Ernest William Gimson is considered one of its main representatives. He was born in 1864 in Leicester, a city marked by industrial upheaval. Gimson's father was the owner of a machine factory, but at the same time he was committed to improving the social conditions of his workers and as a free thinker in the "Secular Society," a club in the tradition of the early socialists Thomas Paine and Robert Owen.At a Secular Society event in 1884, the young Gimson met William Morris (1834-1896), a pioneer thinker of the Arts and Crafts movement who became Gimson's most important mentor. The Arts and Craft movement's critique was directed as much against the industrial production of overly ornate domestic objects, houses, or bridges as it was against the social conditions of alienation that accompanied it. Instead, they wanted to revive and bring together "Arts" and "Crafts." High-quality craftsmanship, a return to local materials and woods, joint design, planning and execution of the objects were just as much part of the program as the view of the use, the function: houses should be inhabited, eaten at tables, sat comfortably on armchairs - and that's exactly how they wanted to plan them.

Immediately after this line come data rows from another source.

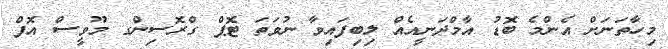
މިހާތަނަށް އެންމެ ބޮޑު އާމްދަނީއެއް ލިބިފައިވާ ނުވަތަ ޓޮޕް ގްރޮސިންގ މޫވީސް އޮފް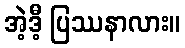
အဲ့ဒီ့ ပြဿနာလား။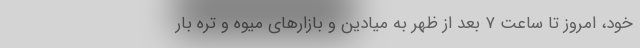
خود، امروز تا ساعت ۷ بعد از ظهر به میادین و بازارهای میوه و تره بار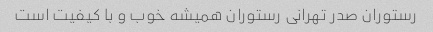
رستوران صدر تهرانی رستوران همیشه خوب و با کیفیت است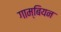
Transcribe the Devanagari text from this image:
गाम्बियन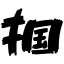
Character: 掴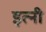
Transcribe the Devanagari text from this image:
इत्नी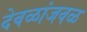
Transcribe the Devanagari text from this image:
देवळांजवळ
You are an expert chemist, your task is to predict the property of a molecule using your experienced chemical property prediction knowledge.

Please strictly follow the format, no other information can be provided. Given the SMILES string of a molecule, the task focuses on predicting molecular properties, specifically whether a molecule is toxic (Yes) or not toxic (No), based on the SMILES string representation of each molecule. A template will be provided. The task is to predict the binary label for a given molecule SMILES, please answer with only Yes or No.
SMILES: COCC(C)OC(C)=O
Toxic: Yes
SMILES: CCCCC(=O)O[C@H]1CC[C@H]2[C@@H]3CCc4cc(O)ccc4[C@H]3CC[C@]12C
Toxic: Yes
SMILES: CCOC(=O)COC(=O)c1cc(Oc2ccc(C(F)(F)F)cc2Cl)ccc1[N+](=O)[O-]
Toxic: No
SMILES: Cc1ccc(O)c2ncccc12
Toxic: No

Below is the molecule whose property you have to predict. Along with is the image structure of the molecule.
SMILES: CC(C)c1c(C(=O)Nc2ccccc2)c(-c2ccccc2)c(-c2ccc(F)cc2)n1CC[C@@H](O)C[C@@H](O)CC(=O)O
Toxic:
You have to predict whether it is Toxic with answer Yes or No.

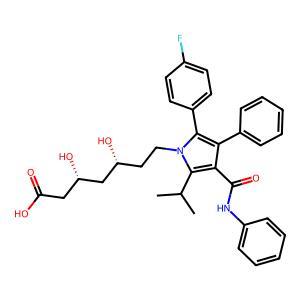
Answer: No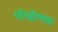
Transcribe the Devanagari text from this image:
परिक्षीणता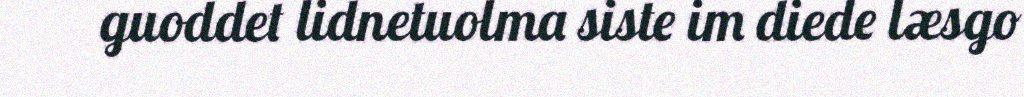
guoddet lidnetuolma siste im diede læsgo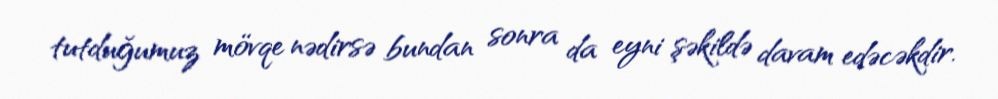
tutduğumuz mövqe nədirsə bundan sonra da eyni şəkildə davam edəcəkdir.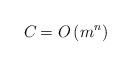
LaTeX: \begin{align*}C_{} = O\left( m^n \right)\end{align*}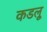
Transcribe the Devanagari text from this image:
कडलू
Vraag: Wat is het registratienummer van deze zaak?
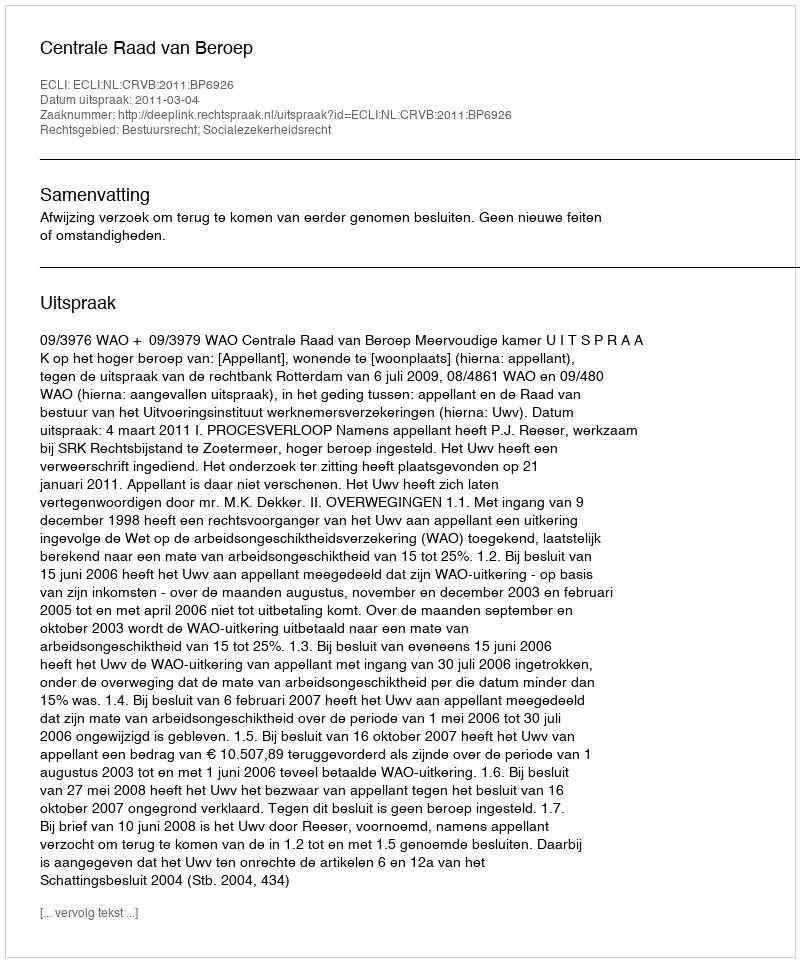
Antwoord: http://deeplink.rechtspraak.nl/uitspraak?id=ECLI:NL:CRVB:2011:BP6926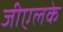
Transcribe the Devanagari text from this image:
जीएलके
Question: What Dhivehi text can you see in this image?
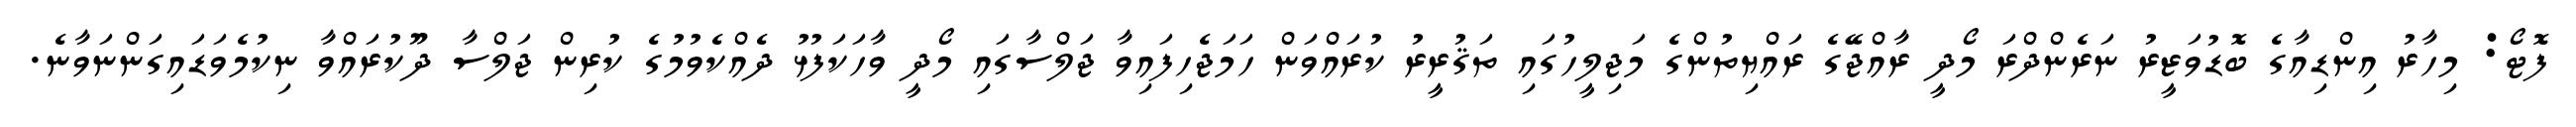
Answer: ފޮޓޯ: މިހާރު އިންޑިއާގެ ބޮޑުވަޒީރު ނަރެންދްރަ މޯދީ ރާއްޖޭގެ ރައްޔިތުންގެ މަޖިލީހުގައި ތަޤުރީރު ކުރައްވަން ހަމަޖެހިފައިވާ ޖަލްސާގައި މޯދީ ވާހަކަފުޅު ދެއްކެވުމުގެ ކުރިން ޖަލްސާ ދޫކުރައްވާ ނިކުމެވަޑައިގަންނަވާނެ.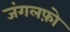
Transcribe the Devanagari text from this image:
जंगलफ़ो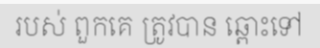
របស់ ពួកគេ ត្រូវបាន ឆ្ពោះទៅ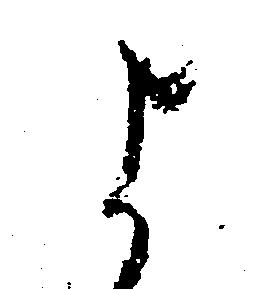
よ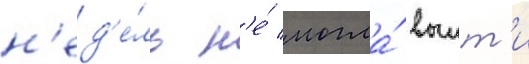
н'ед'е́ль н'е́ могла́ выит'и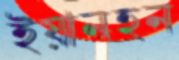
ইয়ানহন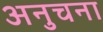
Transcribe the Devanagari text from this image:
अनुचना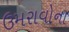
ઉમરાવોના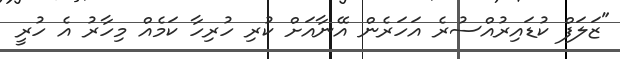
"ޒަލަފް ކުޑައިރުއްސުރެ އަހަރެން އޭނާއަށް ކުރި ހުރިހާ ކަމެއް މިހާރު އެ ހުރީ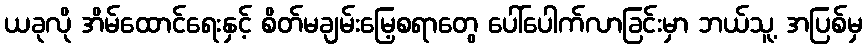
ယခုလို အိမ်ထောင်ရေးနှင့် စိတ်မချမ်းမြေ့စရာတွေ ပေါ်ပေါက်လာခြင်းမှာ ဘယ်သူ့ အပြစ်မှ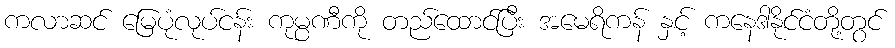
ကလာဆင် မြေပုံလုပ်ငန်း ကုမ္ပဏီကို တည်ထောင်ပြီး အမေရိကန် နှင့် ကနေဒါနိုင်ငံတို့တွင်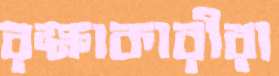
রক্ষাকারীরা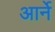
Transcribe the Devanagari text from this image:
आर्ने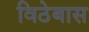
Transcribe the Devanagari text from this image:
विठेबास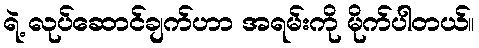
ရဲ့ လုပ်ဆောင်ချက်ဟာ အရမ်းကို မိုက်ပါတယ်။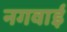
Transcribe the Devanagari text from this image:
नगवाई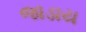
જાડાય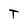
Character: T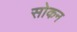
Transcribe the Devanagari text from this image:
सोकन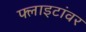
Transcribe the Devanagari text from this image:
फ्लाइटांवर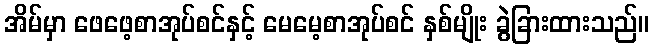
အိမ်မှာ ဖေဖေ့စာအုပ်စင်နှင့် မေမေ့စာအုပ်စင် နှစ်မျိုး ခွဲခြားထားသည်။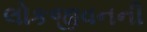
લોકજીવનની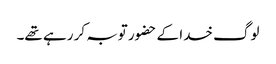
لوگ خدا کے حضور توبہ کر رہے تھے۔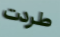
طردت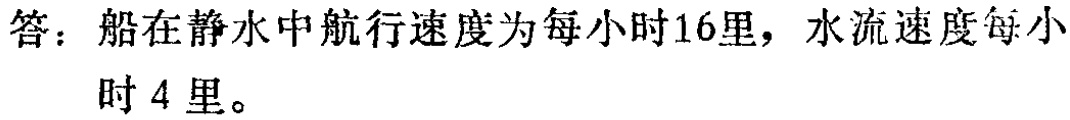
答：船在静水中航行速度为每小时16里，水流速度每小

时4里。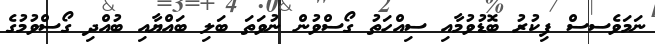
ނަމަވެސސް ފިކުރު ބޮޑުވުމާއި ސިއްހަތު ގޯސްވުން ނުވަތަ ބަލި ބައްޔާއި ބުއްދި ގޯސްވުމުގެ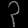
Digit: ၃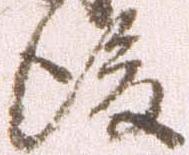
後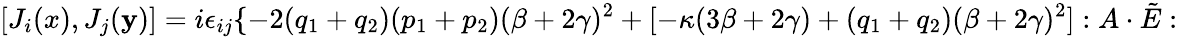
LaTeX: [J_{i}(x),J_{j}(\mathbf{y})]=i\epsilon_{ij}\{ -2(q_{1}+q_{2})(p_{1}+p_{2})(\beta+2\gamma)^{2}+[-\kappa(3\beta+2\gamma)+(q_{1}+q_{2})(\beta+2\gamma)^{2}]:A\cdot\tilde{{E}}: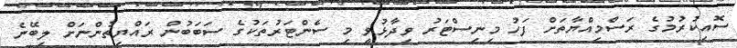
ސޮއިކުރުމުގެ ރަސްމިއްޔާތަށް ފަހު މިނިސްޓަރު ވިދާޅުވީ މި ސެންޓަރުތަކުގެ ސަބަބުން ރައްޔިތުންނަށް ލިބޭނެ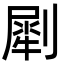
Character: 㓾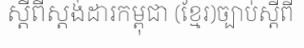
ស្តីពីស្តង់ដារកម្ពុជា (ខ្មែរ)ច្បាប់ស្តីពី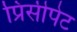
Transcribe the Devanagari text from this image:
प्रिंसीपेट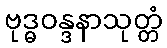
ဗုဒ္ဓဝန္ဒနာသုတ္တံ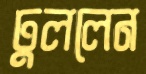
ঢুললেন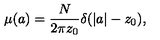
\mu ( a ) = \frac { N } { 2 \pi z _ { 0 } } \delta ( | a | - z _ { 0 } ) ,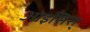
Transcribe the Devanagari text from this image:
आइसिस्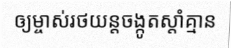
ឲ្យម្ចាស់រថយន្តចង្កូតស្តាំគ្មាន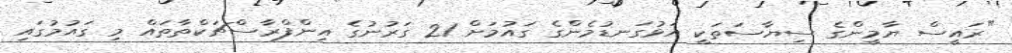
"ރައީސް ޔާމީންގެ ސިޔާސަތަކީ އަޅުގަނޑުމެންގެ ގައުމަށް 21 ގަރުނުގެ އިންފްރާސްޗަކްތާތައް މި ގައުމުގައި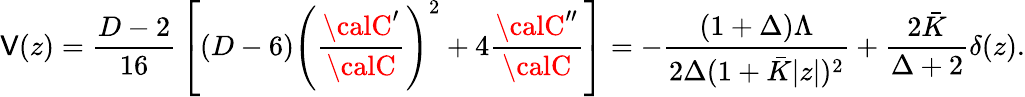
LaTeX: \mathsf{V}(z)={\frac{{D-2}}{{16}}}\left[(D-6)\left({\frac{{{\calC}^{\prime}}}{{\calC}}}\right)^{2}+4{\frac{{{\calC}^{\prime\prime}}}{{\calC}}}\right]=-{\frac{{(1+\Delta)\Lambda}}{{2\Delta(1+\bar{{K}}|z|)^{2}}}}+{\frac{{2\bar{{K}}}}{{\Delta+2}}}\delta(z).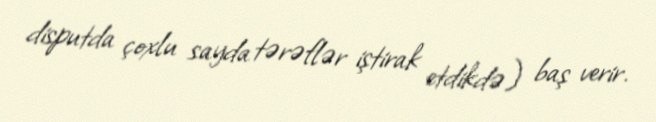
disputda çoxlu sayda tərəflər iştirak etdikdə) baş verir.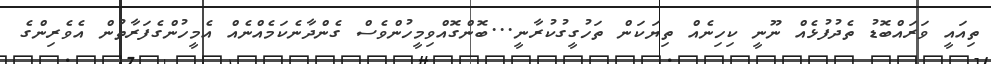
ތިއައީ ވަރައްބޮޑު ތެދުފުޅެއް ނޫނީ ކިހިނެއް ތިޔަކަން ތަހުގީގުކުރާނީ...ބޮންގޮއްވިމީހުންވެސް ގެންދާނެކަމެއްނެއް އެމީހުންގެފަރާތުން އެވެރިންގެ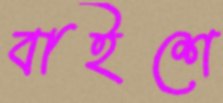
বাইশে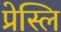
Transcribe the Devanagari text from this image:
प्रेस्लि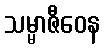
သမ္မာဇီဝေန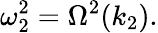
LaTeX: \omega_{2}^{2}=\Omega^{2}(k_{2}).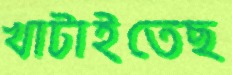
খাটাইতেছ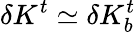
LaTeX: \delta K^{t}\simeq\delta K_{b}^{t}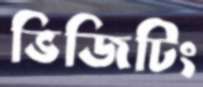
ভিজিটিং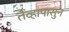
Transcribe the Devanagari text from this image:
तेंव्हापासुन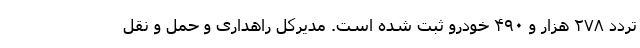
تردد ۲۷۸ هزار و ۴۹۰ خودرو ثبت شده است. مدیرکل راهداری و حمل و نقل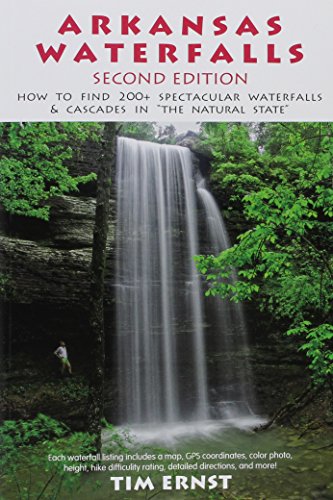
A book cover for Arkansas Waterfalls Guidebook: How to Find 133 Spectacular Waterfalls & Cascades in "The Natural State"; Tim Ernst; Sports & Outdoors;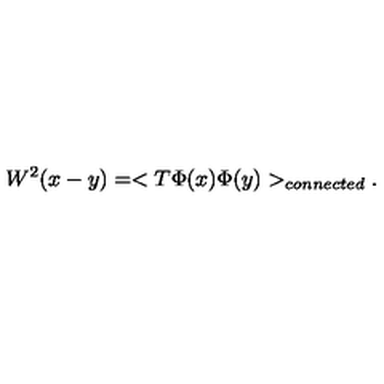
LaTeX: W ^ { 2 } ( x - y ) = < T \Phi ( x ) \Phi ( y ) > _ { c o n n e c t e d } .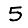
Digit: 5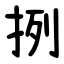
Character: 挒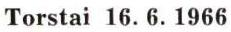
Torstai 16. 6. 1966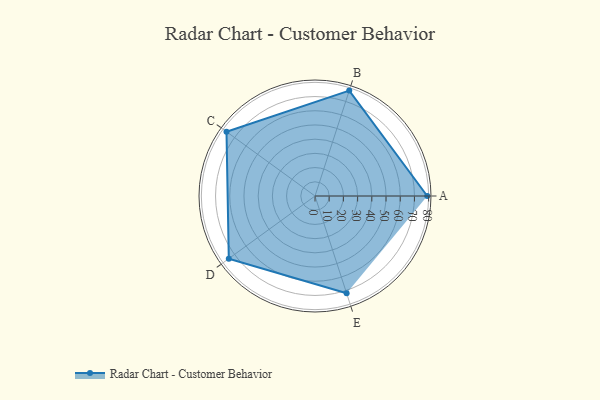
{"axis": {"x": "Skill", "y": "Score"}, "legend": ["Profile"], "data": [{"x": "A", "y": 79.0, "type": "Profile"}, {"x": "B", "y": 78.0, "type": "Profile"}, {"x": "C", "y": 77.0, "type": "Profile"}, {"x": "D", "y": 75.0, "type": "Profile"}, {"x": "E", "y": 72.0, "type": "Profile"}]}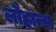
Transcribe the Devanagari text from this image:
लौहान्स

Gimson became an architect in London, before he made in 1893 with colleagues the then unusual decision to open the new "workshop" ("workshop", not architect's office, the name was program) in the picturesque Cotswolds, the countryside near Cheltenham and Bristol, which is also the hunting ground of Inspector Barneby. Life was cheap there; there were traditional building trades and good craftsmen - and London, Birmingham and Leicester and their wealthy clientele were nevertheless easily accessible. The furniture of the Gimson workshop is therefore usually referred to in Great Britain as Cotswolds Style or Tradition, in German as "Landhausstil". At Ernest Gimson, they were handmade, were made of solid wood and revealed their construction ("open construction"), so that, for example, tine and tenon joints were not hidden with decorative trim. Decorative elements were used with great restraint. Gimson's furniture exudes such a clear beauty that it is not surprising that Gimson not only influenced the interior design of the 20th and 21st centuries, but that original sketches and furniture designs or plain copies of individual pieces of furniture from the Gimson workshop are sought-after collectors' items.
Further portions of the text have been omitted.